→ **Work request**
Look through the records below for the line holding "type: mesophytic deciduous forest". Write it out exactly, with each following line through the line holding "longitude: -1.0384".

→ **Working data**
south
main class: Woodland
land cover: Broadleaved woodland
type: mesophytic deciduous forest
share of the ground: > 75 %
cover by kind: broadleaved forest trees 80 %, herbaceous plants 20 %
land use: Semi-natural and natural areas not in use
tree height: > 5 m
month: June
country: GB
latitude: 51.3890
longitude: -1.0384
--
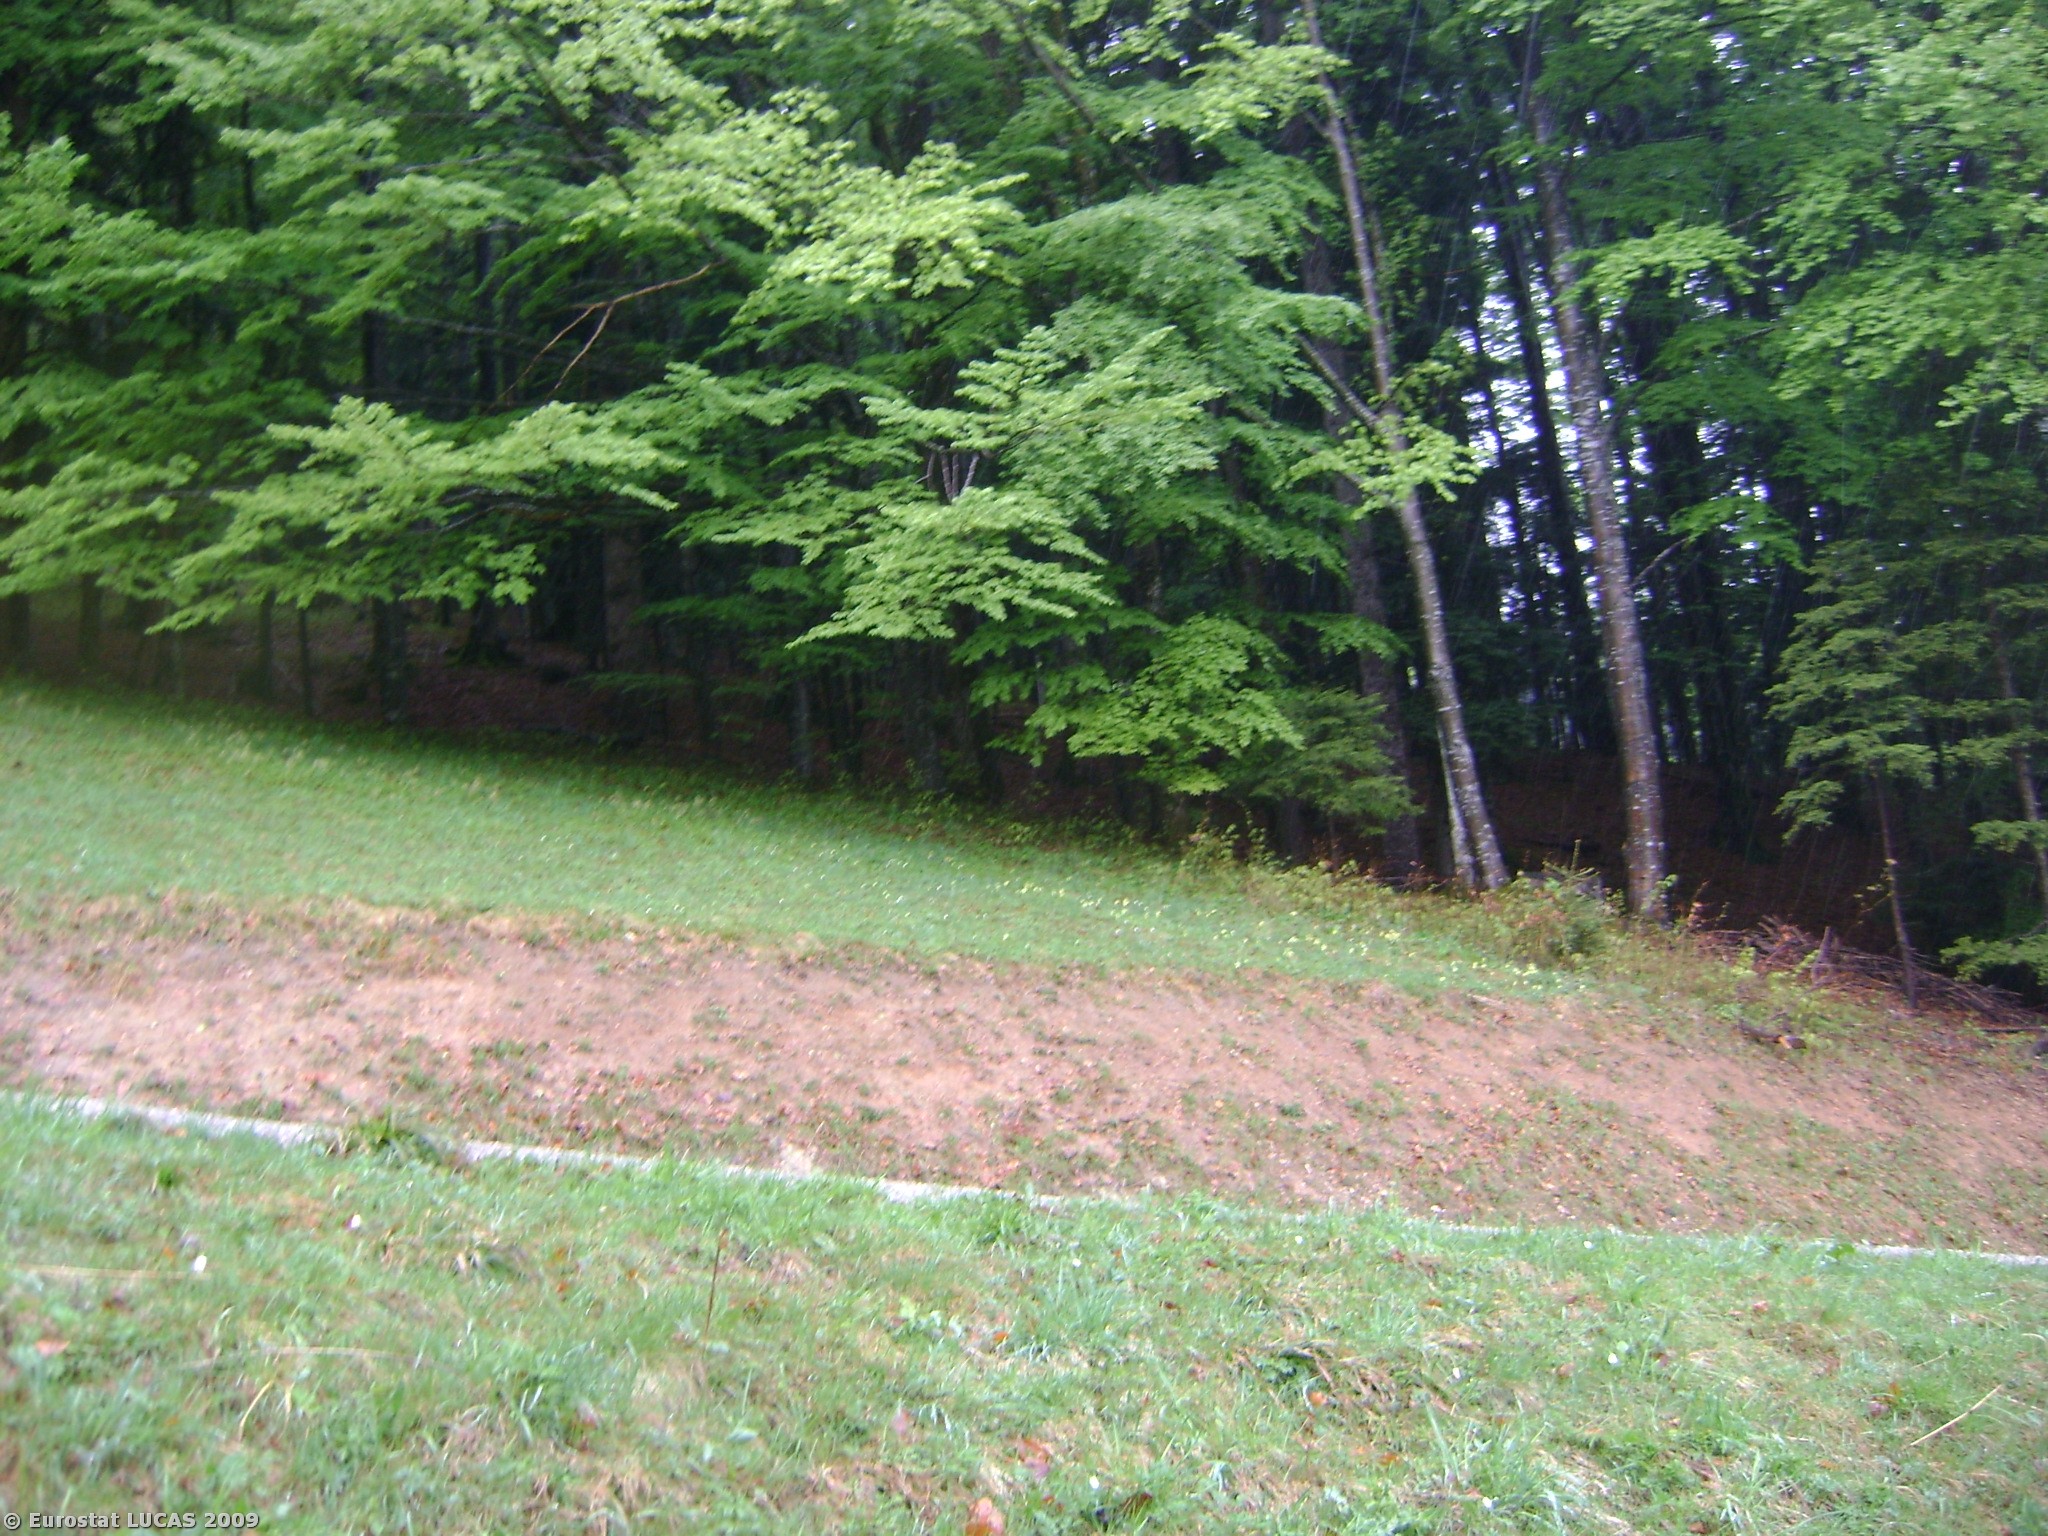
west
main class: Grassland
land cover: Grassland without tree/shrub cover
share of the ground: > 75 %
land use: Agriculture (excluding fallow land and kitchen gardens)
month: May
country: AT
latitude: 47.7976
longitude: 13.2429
* * *
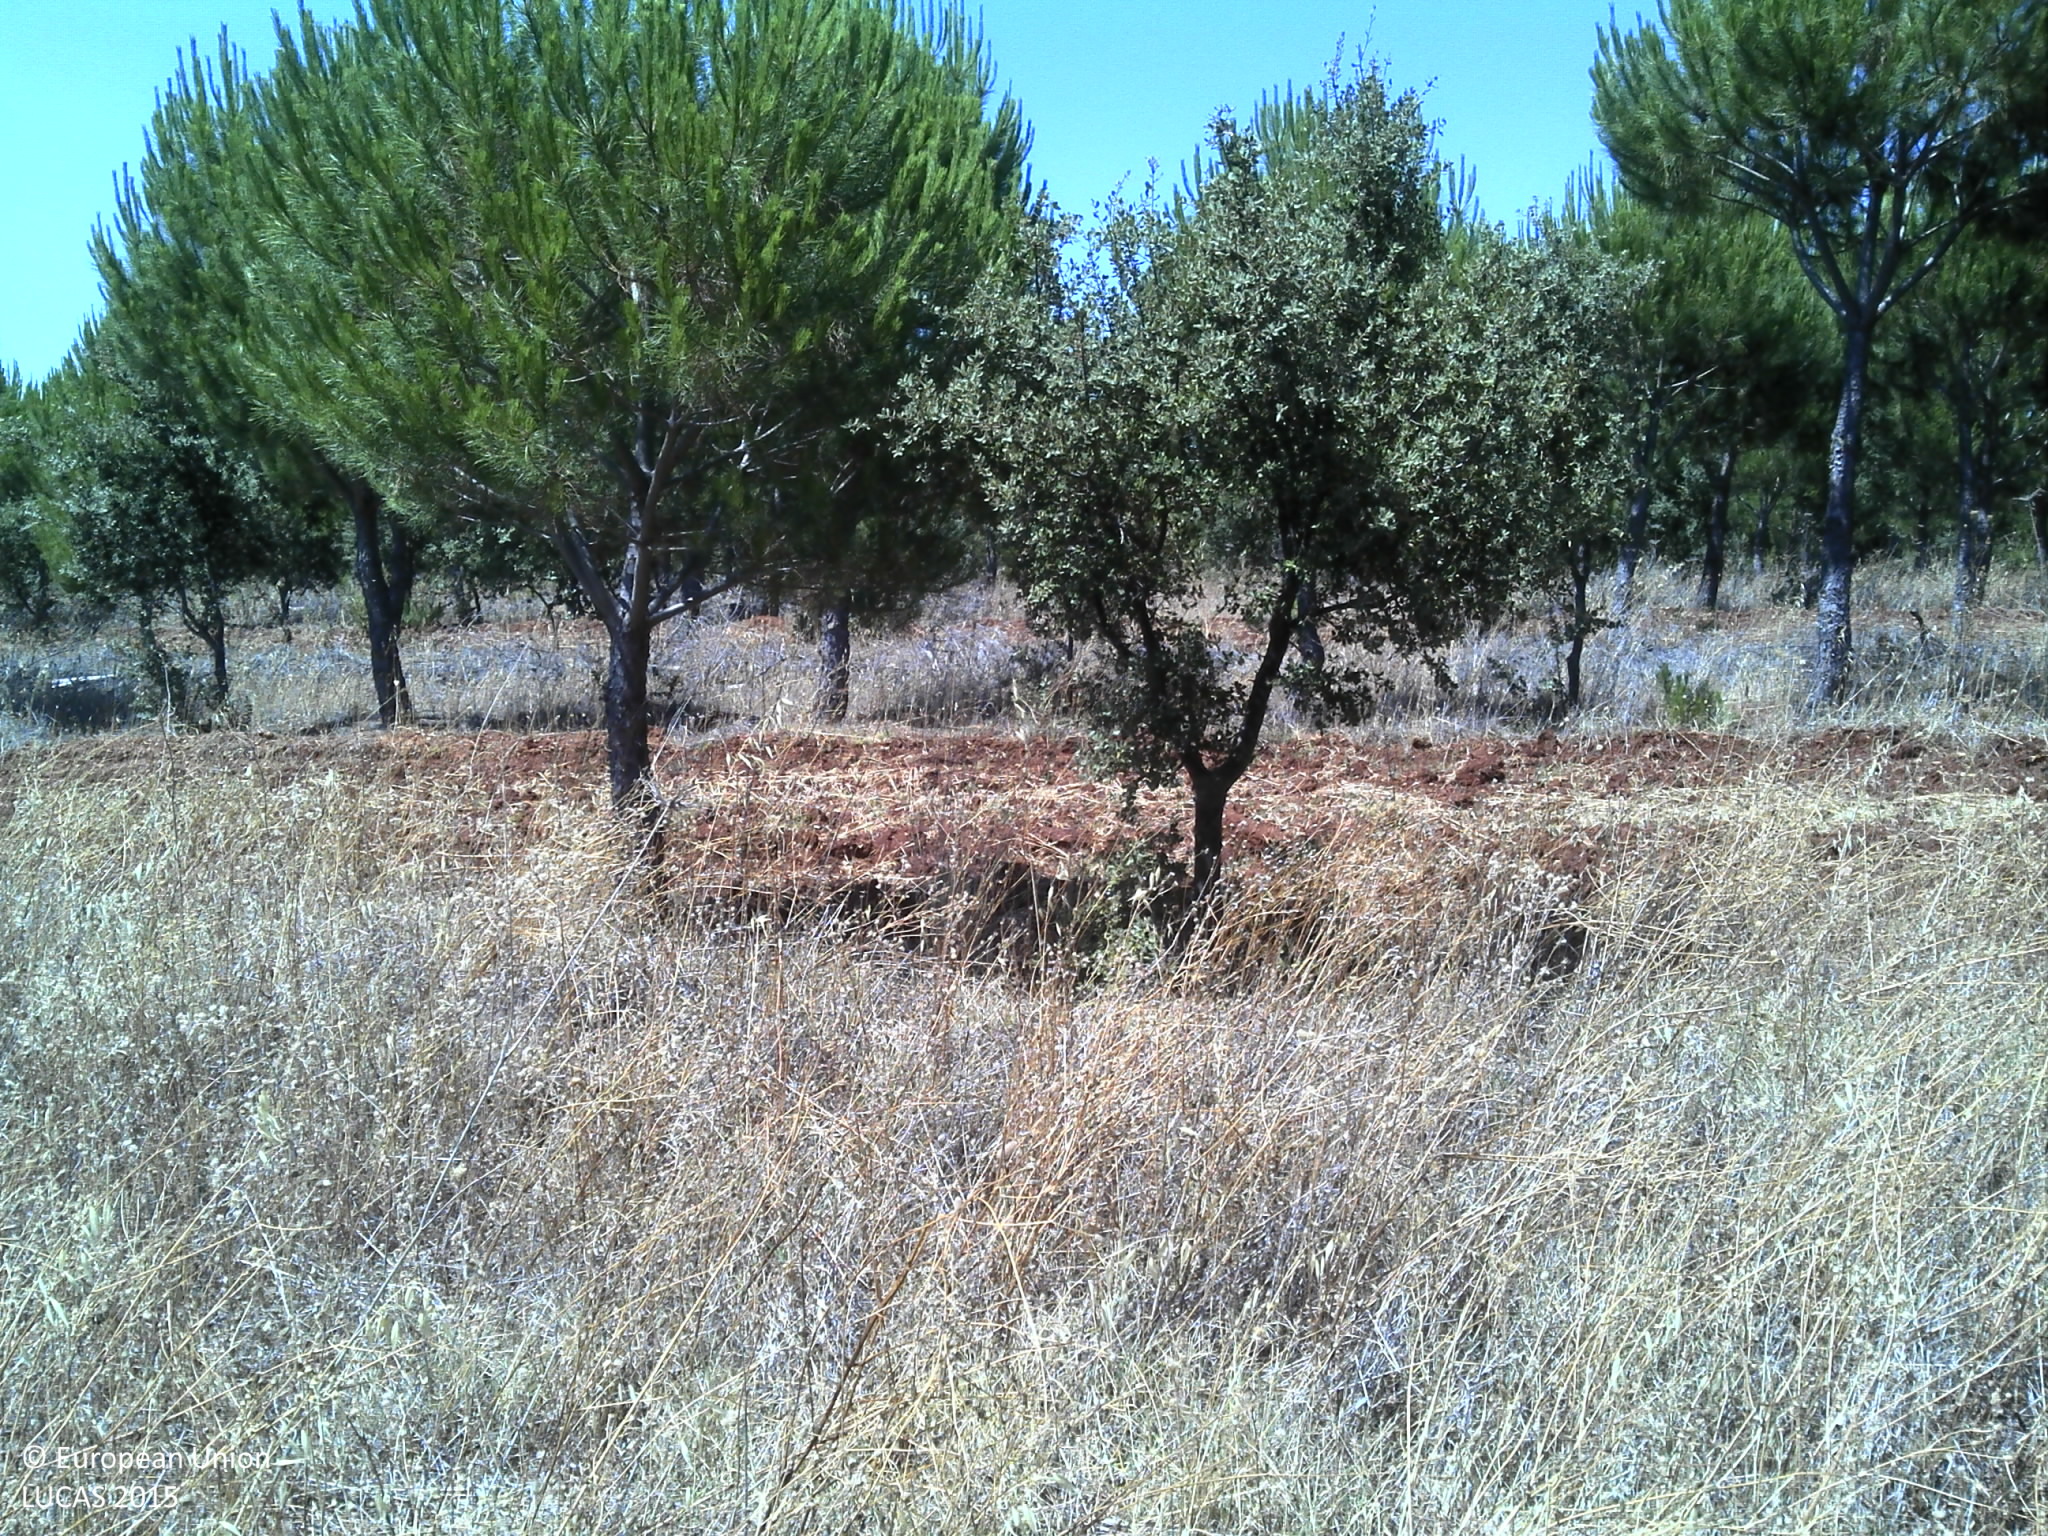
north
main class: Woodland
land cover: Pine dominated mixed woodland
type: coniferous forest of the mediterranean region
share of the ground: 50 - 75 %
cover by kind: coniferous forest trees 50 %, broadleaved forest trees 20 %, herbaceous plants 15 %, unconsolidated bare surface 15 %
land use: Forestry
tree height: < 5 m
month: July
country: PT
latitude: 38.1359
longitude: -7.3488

→ **Result**
type: mesophytic deciduous forest
share of the ground: > 75 %
cover by kind: broadleaved forest trees 80 %, herbaceous plants 20 %
land use: Semi-natural and natural areas not in use
tree height: > 5 m
month: June
country: GB
latitude: 51.3890
longitude: -1.0384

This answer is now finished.